RAW DATA>
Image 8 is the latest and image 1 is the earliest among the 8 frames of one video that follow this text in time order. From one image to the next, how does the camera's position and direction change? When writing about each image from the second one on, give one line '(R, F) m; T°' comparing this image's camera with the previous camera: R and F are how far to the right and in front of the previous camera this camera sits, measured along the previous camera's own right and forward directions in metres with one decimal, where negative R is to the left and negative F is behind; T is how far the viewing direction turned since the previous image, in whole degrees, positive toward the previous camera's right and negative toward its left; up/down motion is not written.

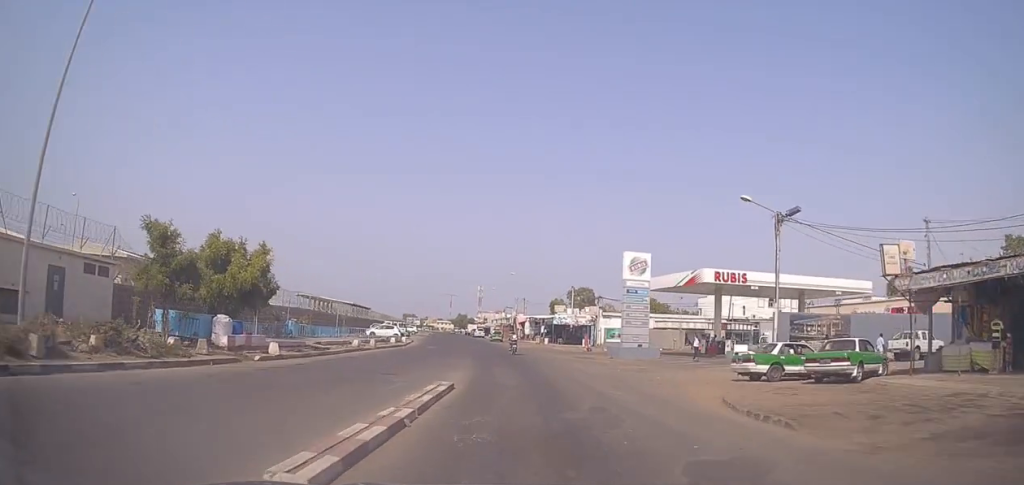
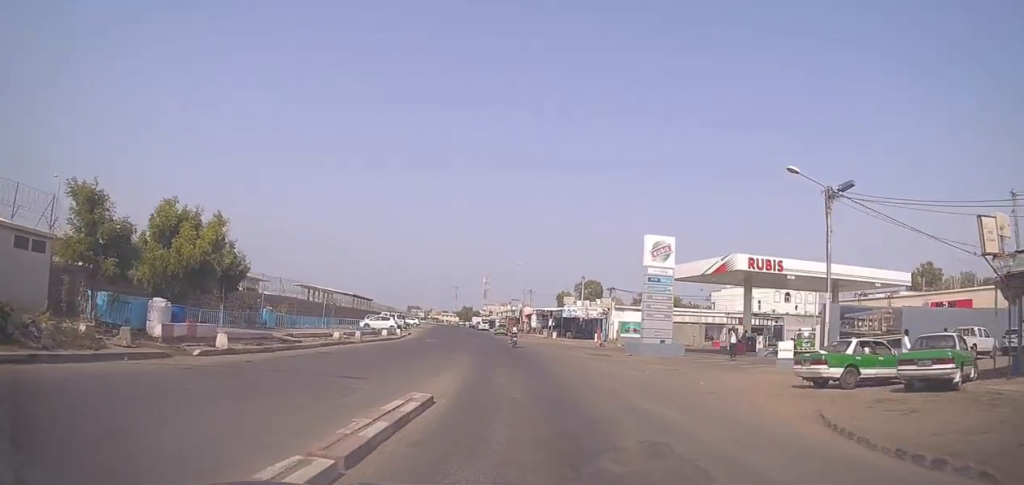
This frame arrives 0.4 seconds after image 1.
(+0.2, +4.7) m; +1°
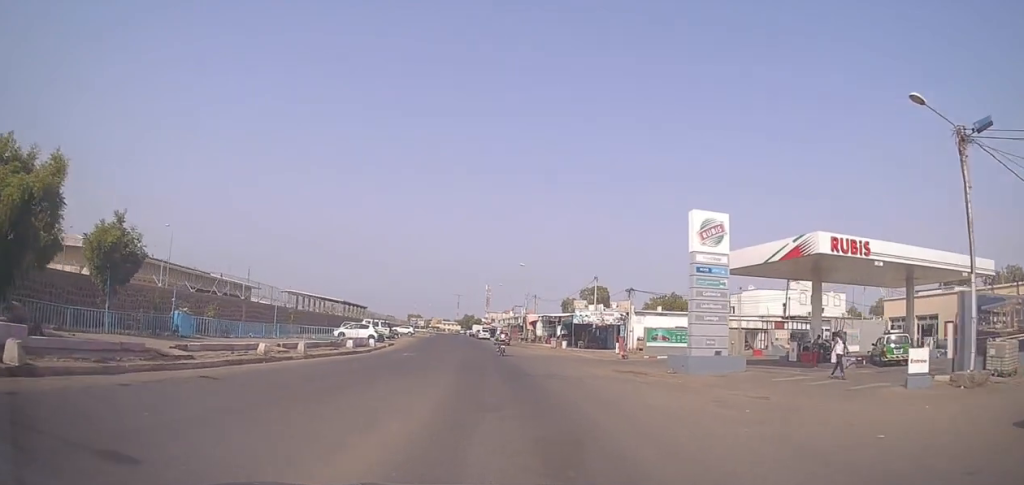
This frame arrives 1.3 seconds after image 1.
(+0.1, +9.4) m; -1°
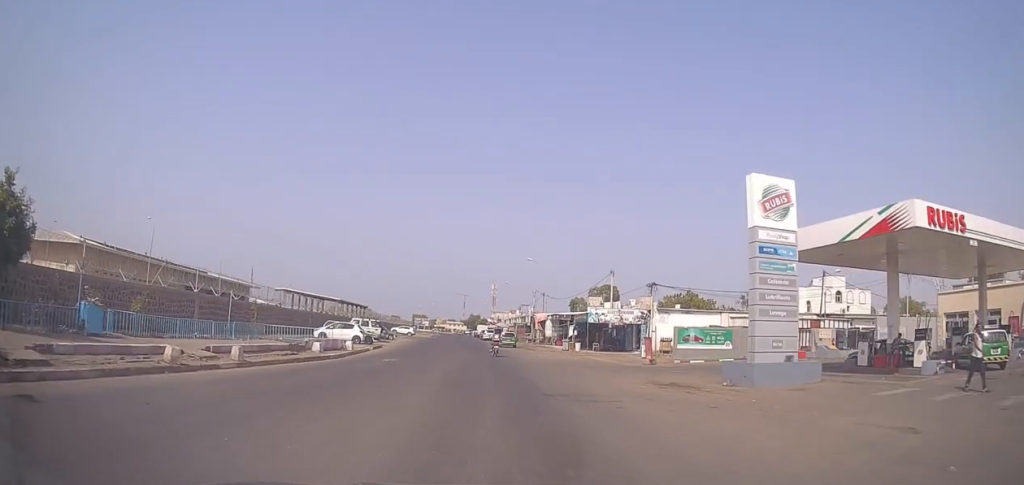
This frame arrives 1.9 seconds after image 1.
(0.0, +6.5) m; -2°
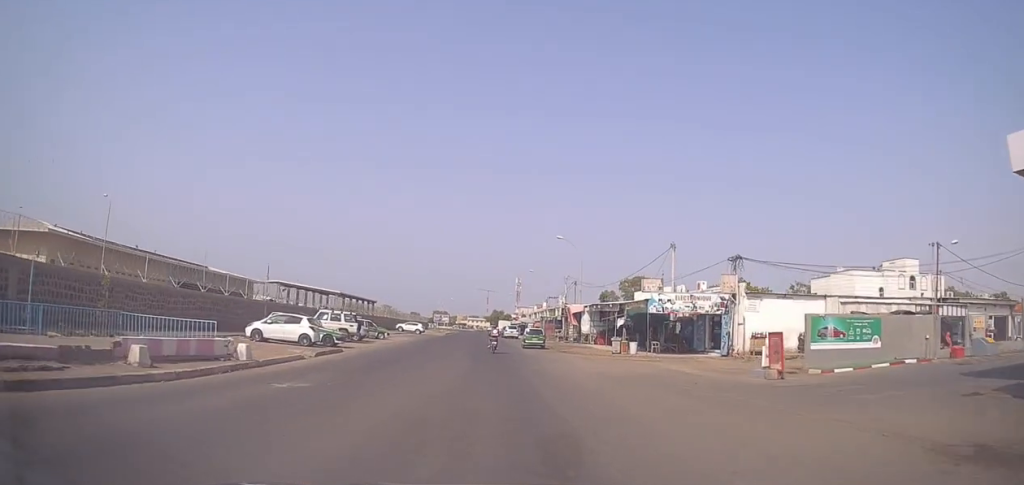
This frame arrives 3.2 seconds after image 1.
(-0.6, +14.1) m; -4°
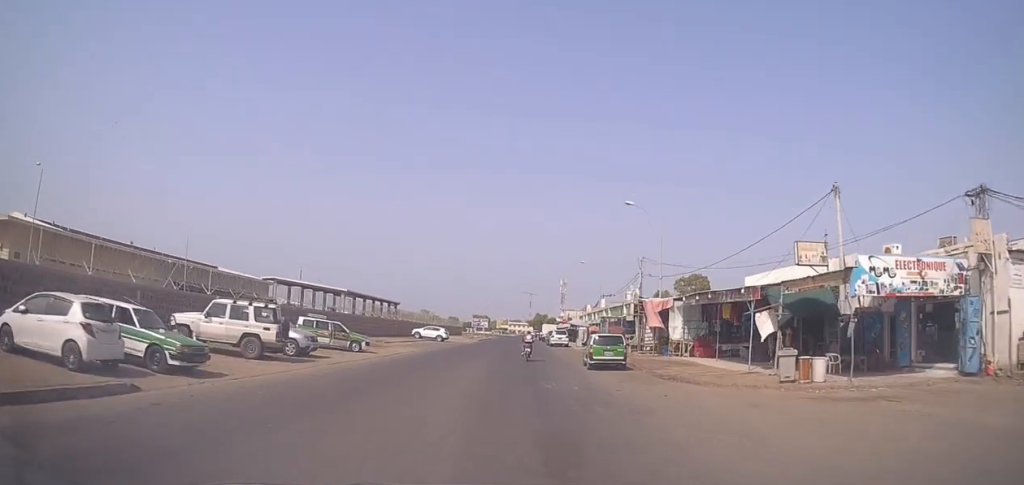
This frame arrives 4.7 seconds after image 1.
(-0.6, +17.7) m; -3°
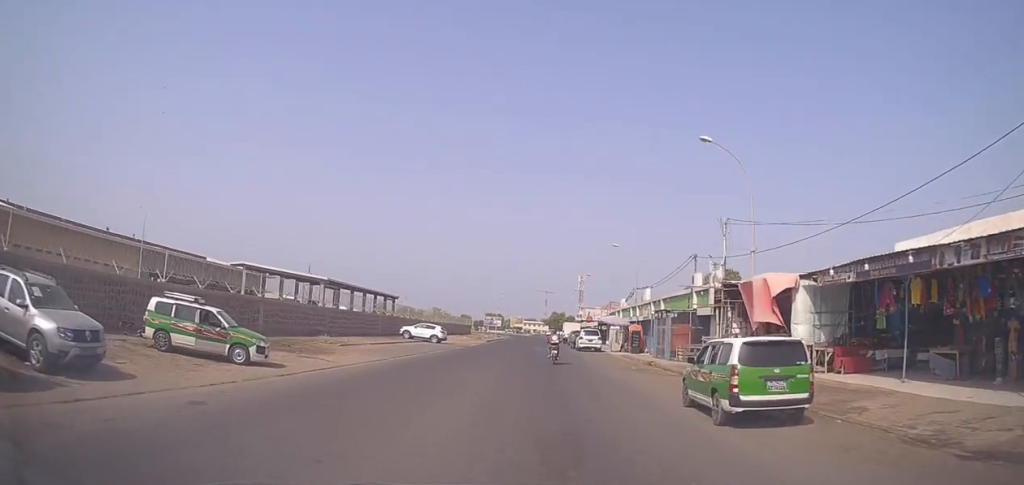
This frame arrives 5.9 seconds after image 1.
(0.0, +14.7) m; 0°
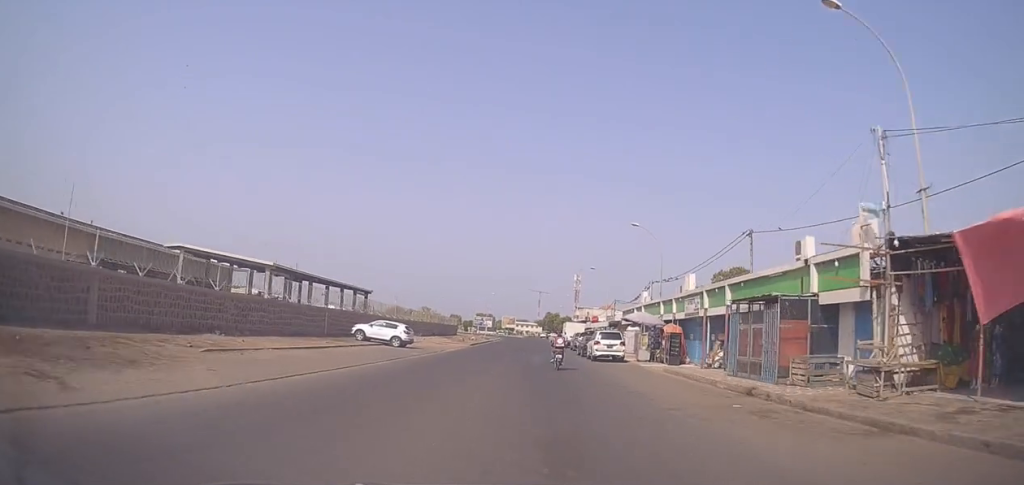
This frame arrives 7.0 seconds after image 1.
(0.0, +13.6) m; 0°
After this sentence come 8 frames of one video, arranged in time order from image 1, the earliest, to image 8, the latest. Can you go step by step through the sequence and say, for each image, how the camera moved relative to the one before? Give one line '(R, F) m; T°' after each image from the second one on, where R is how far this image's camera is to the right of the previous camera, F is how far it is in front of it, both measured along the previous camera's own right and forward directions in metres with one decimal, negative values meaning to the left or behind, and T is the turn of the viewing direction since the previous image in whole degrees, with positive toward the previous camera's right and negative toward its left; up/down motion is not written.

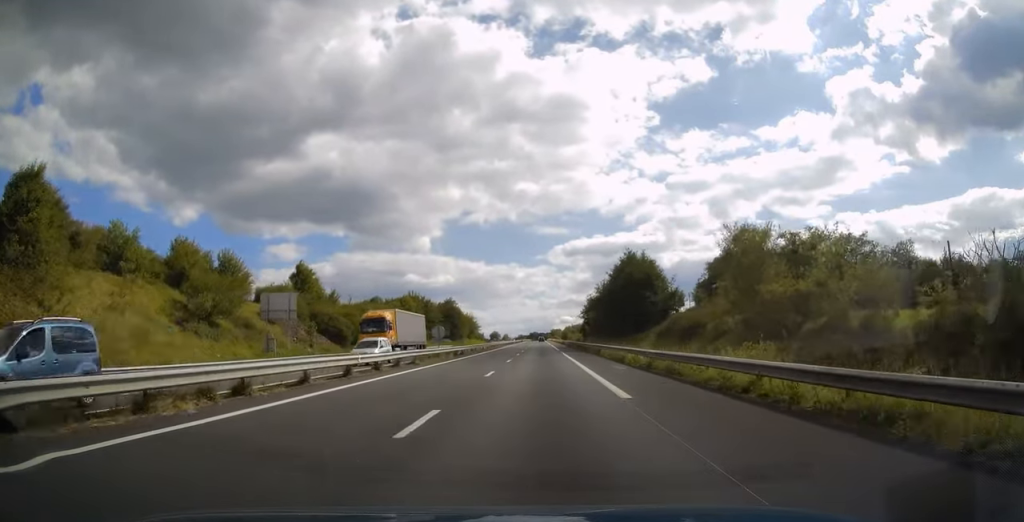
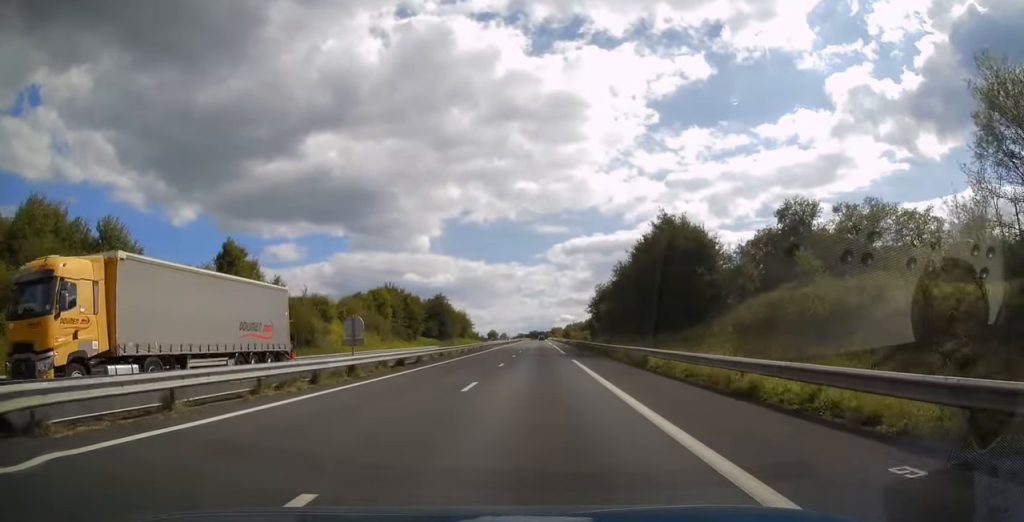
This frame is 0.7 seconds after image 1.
(0.0, +19.0) m; 0°
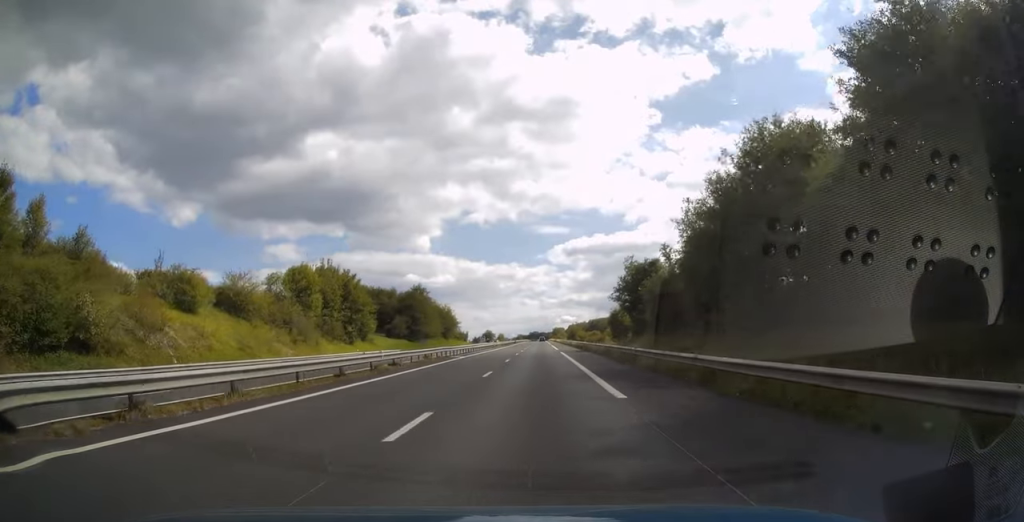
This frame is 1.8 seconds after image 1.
(+0.1, +33.2) m; 0°
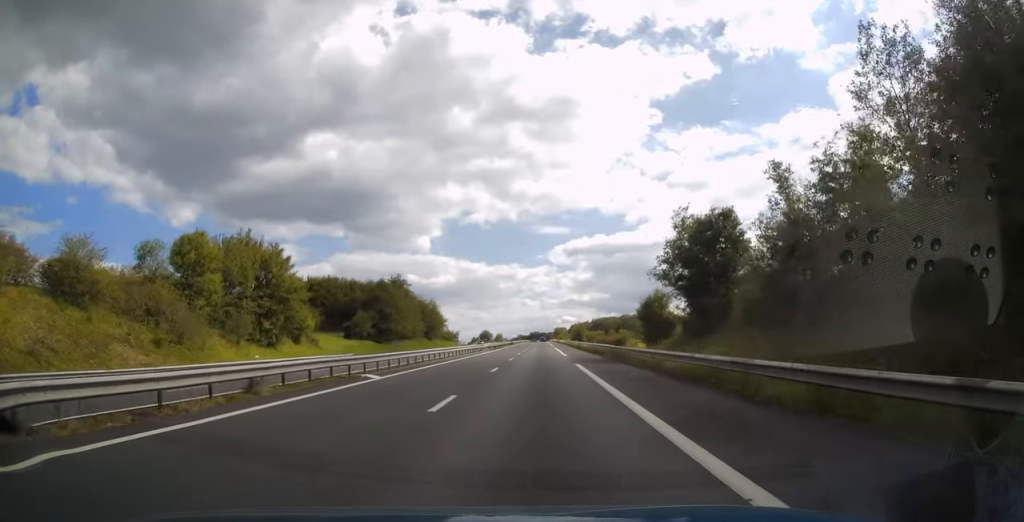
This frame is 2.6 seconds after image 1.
(0.0, +23.0) m; 0°
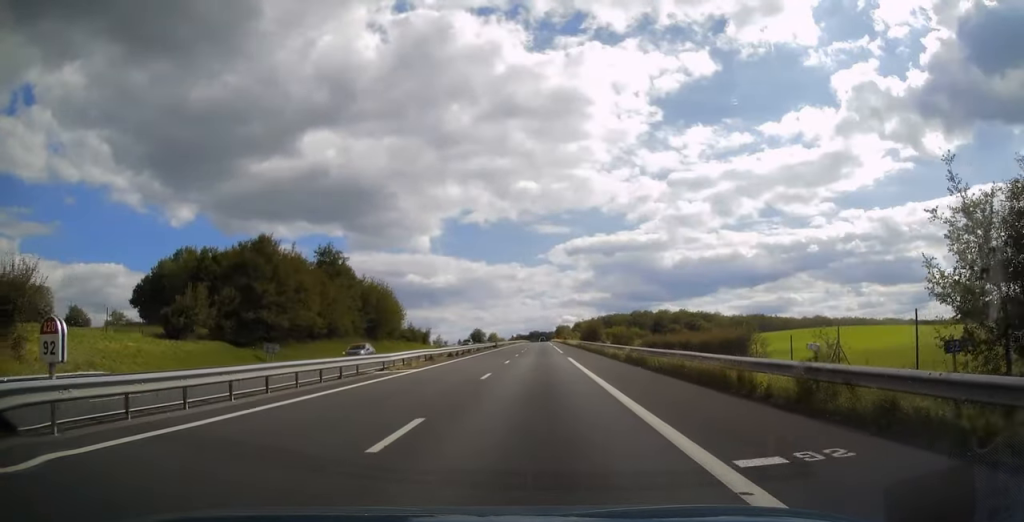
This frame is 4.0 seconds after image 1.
(-0.1, +42.9) m; 0°
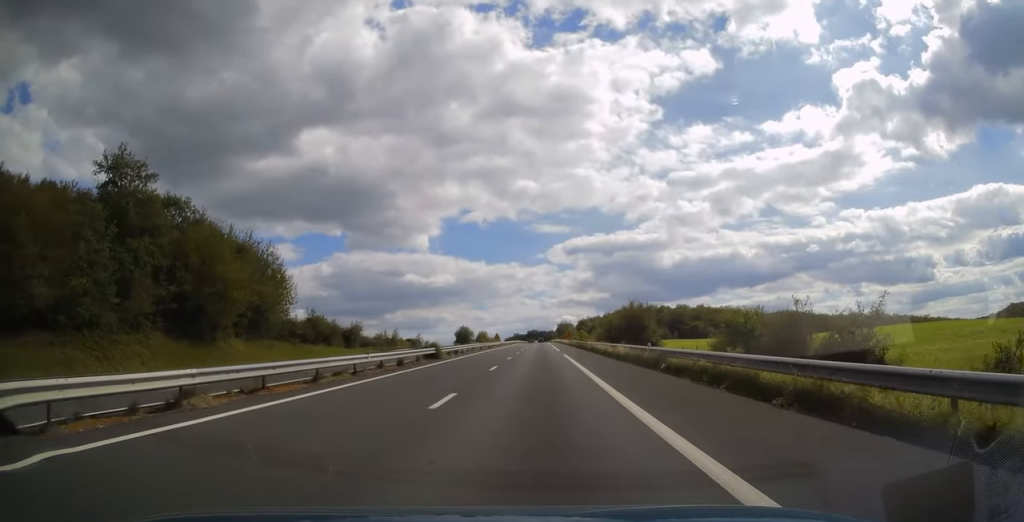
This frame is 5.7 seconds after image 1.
(0.0, +47.9) m; 0°
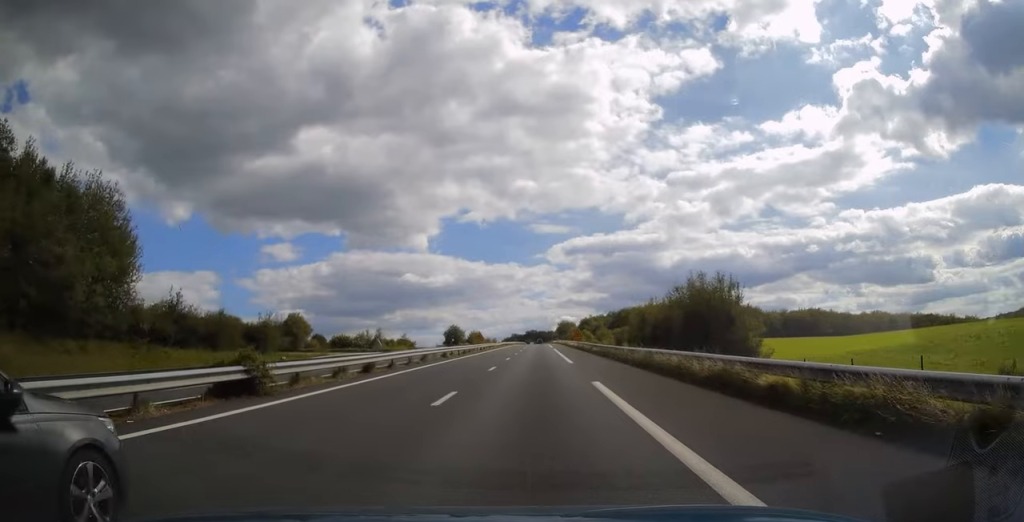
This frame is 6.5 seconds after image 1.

PROBLEM> Set down every record once more, word for word, without pictures.

ANSWER SECTION>
Image 8 is the latest and image 1 is the earliest among the 8 frames of one video that follow this text in time order. From one image to the next, how does the camera's position and direction change? When writing about each image from the second one on, give one line '(R, F) m; T°' comparing this image's camera with the previous camera: R and F are how far to the right and in front of the previous camera this camera sits, measured along the previous camera's own right and forward directions in metres with one decimal, where negative R is to the left and negative F is behind; T is how far the viewing direction turned since the previous image, in whole degrees, positive toward the previous camera's right and negative toward its left; up/down motion is not written.

This frame arrives 0.4 seconds after image 1.
(+0.2, +4.7) m; +1°
This frame arrives 1.3 seconds after image 1.
(+0.1, +9.4) m; -1°
This frame arrives 1.9 seconds after image 1.
(0.0, +6.5) m; -2°
This frame arrives 3.2 seconds after image 1.
(-0.6, +14.1) m; -4°
This frame arrives 4.7 seconds after image 1.
(-0.6, +17.7) m; -3°
This frame arrives 5.9 seconds after image 1.
(0.0, +14.7) m; 0°
This frame arrives 7.0 seconds after image 1.
(0.0, +13.6) m; 0°
After this sentence come 8 frames of one video, arranged in time order from image 1, the earliest, to image 8, the latest. Can you go step by step through the sequence and say, for each image, how the camera moved relative to the one before? Give one line '(R, F) m; T°' after each image from the second one on, where R is how far this image's camera is to the right of the previous camera, F is how far it is in front of it, both measured along the previous camera's own right and forward directions in metres with one decimal, negative values meaning to the left or behind, and T is the turn of the viewing direction since the previous image in whole degrees, with positive toward the previous camera's right and negative toward its left; up/down motion is not written.

This frame is 0.7 seconds after image 1.
(0.0, +19.0) m; 0°
This frame is 1.8 seconds after image 1.
(+0.1, +33.2) m; 0°
This frame is 2.6 seconds after image 1.
(0.0, +23.0) m; 0°
This frame is 4.0 seconds after image 1.
(-0.1, +42.9) m; 0°
This frame is 5.7 seconds after image 1.
(0.0, +47.9) m; 0°
This frame is 6.5 seconds after image 1.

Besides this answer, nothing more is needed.